- **WHAT IS BEING ASKED**
Could you filter the data below down to the lines that hold the word "strlen"?
* * *
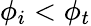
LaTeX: \phi_{i}<\phi_{t}
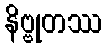
နိဗ္ဗုတဿ
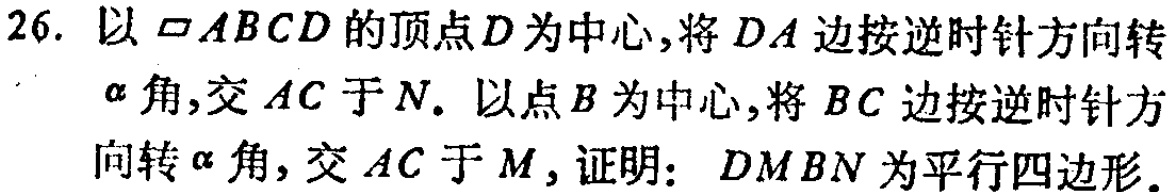
26. 以$\square ABCD$的顶点$D$为中心，将$DA$边按逆时针方向转$\alpha$角，交$AC$于$N$. 以点$B$为中心，将$BC$边按逆时针方向转$\alpha$角，交$AC$于$M$，证明：$DMBN$为平行四边形.
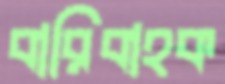
বারিবাহক
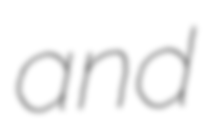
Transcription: and
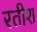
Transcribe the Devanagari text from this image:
रतीश
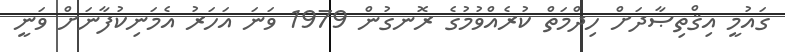
ގައުމީ އިޤްތިޞާދަށް ހިދްމަތް ކުރެއްވުމުގެ ރޮނގުން 1979 ވަނަ އަހަރު އެމަނިކުފާނަށް ވަނީ
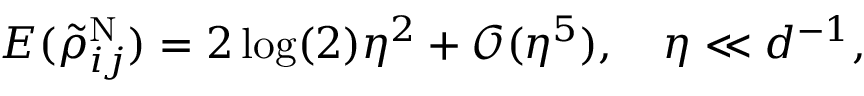
\begin{array} { r } { E ( \tilde { \rho } _ { i j } ^ { \mathrm { N } } ) = 2 \log ( 2 ) \eta ^ { 2 } + \mathcal { O } ( \eta ^ { 5 } ) , \quad \eta \ll d ^ { - 1 } , } \end{array}
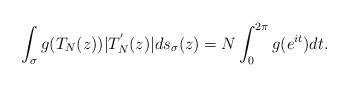
LaTeX: \begin{align*} \int_\sigma g(T_N(z)) |T_{N}^{'}(z)| ds_\sigma(z) = N \int_{0}^{2\pi} g(e^{it}) dt.\end{align*}
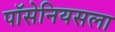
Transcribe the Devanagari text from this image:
पॉसेनियसला
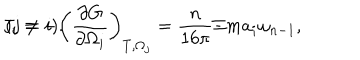
LaTeX: J _ { i } = - \left( \frac { \partial G } { \partial \Omega _ { i } } \right) _ { T , \Omega _ { j } } = \frac n { 1 6 \pi } \Xi m a _ { i } \omega _ { n - 1 } , \hspace { 1 . 0 c m } ( j \neq i ) .
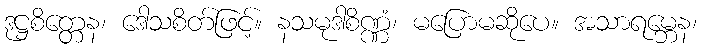
ဒုဋ္ဌစိတ္တေန၊ ဒေါသစိတ်ဖြင့်။ နသမုဒါစိဏ္ဏံ၊ မပြောမဆိုပေ။ အသာရမ္ဘေန၊
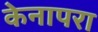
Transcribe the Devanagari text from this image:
केनापरा
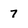
Character: 7
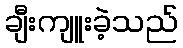
ချီးကျူးခဲ့သည်
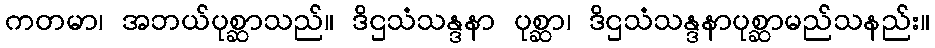
ကတမာ၊ အဘယ်ပုစ္ဆာသည်။ ဒိဌသံသန္ဒနာ ပုစ္ဆာ၊ ဒိဌသံသန္ဒနာပုစ္ဆာမည်သနည်း။
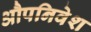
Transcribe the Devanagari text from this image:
औपनिवेश
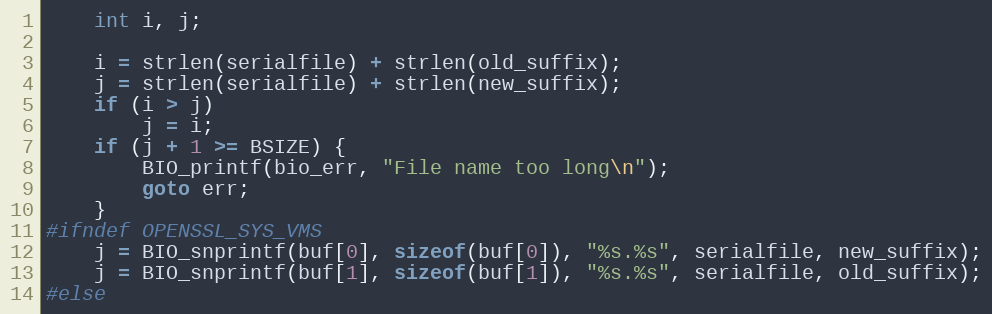
Language: C
    int i, j;

    i = strlen(serialfile) + strlen(old_suffix);
    j = strlen(serialfile) + strlen(new_suffix);
    if (i > j)
        j = i;
    if (j + 1 >= BSIZE) {
        BIO_printf(bio_err, "File name too long\n");
        goto err;
    }
#ifndef OPENSSL_SYS_VMS
    j = BIO_snprintf(buf[0], sizeof(buf[0]), "%s.%s", serialfile, new_suffix);
    j = BIO_snprintf(buf[1], sizeof(buf[1]), "%s.%s", serialfile, old_suffix);
#else
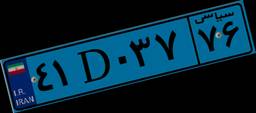
۴۱D۰۳۷۷۶
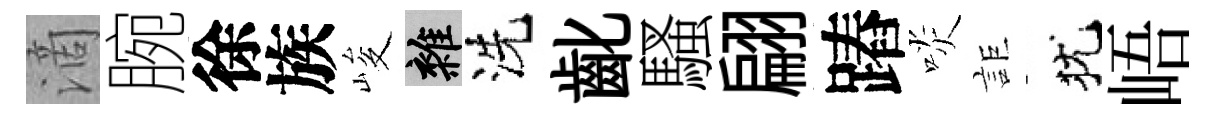
滴腕徐族峻雜洗齔騷翩蹖啖詎犹峿
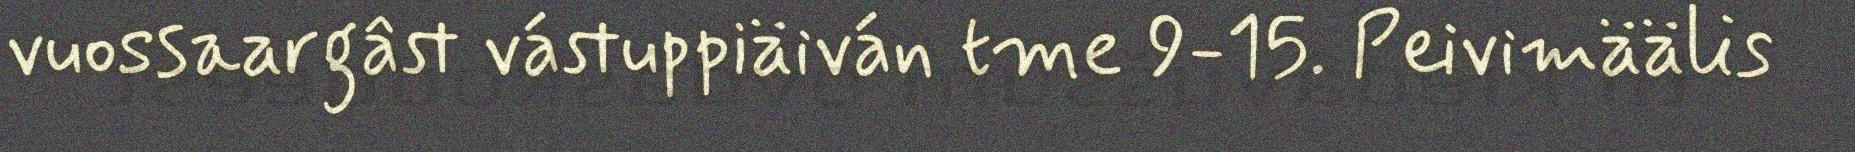
vuossaargâst vástuppiäiván tme 9-15. Peivimäälis
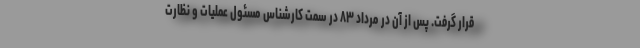
قرار گرفت. پس از آن در مرداد ۸۳ در سمت کارشناس مسئول عملیات و نظارت
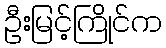
ဦးမြင့်ကြိုင်က
* * *
- **ANSWER TO THE EXERCISE**
    i = strlen(serialfile) + strlen(old_suffix);
    j = strlen(serialfile) + strlen(new_suffix);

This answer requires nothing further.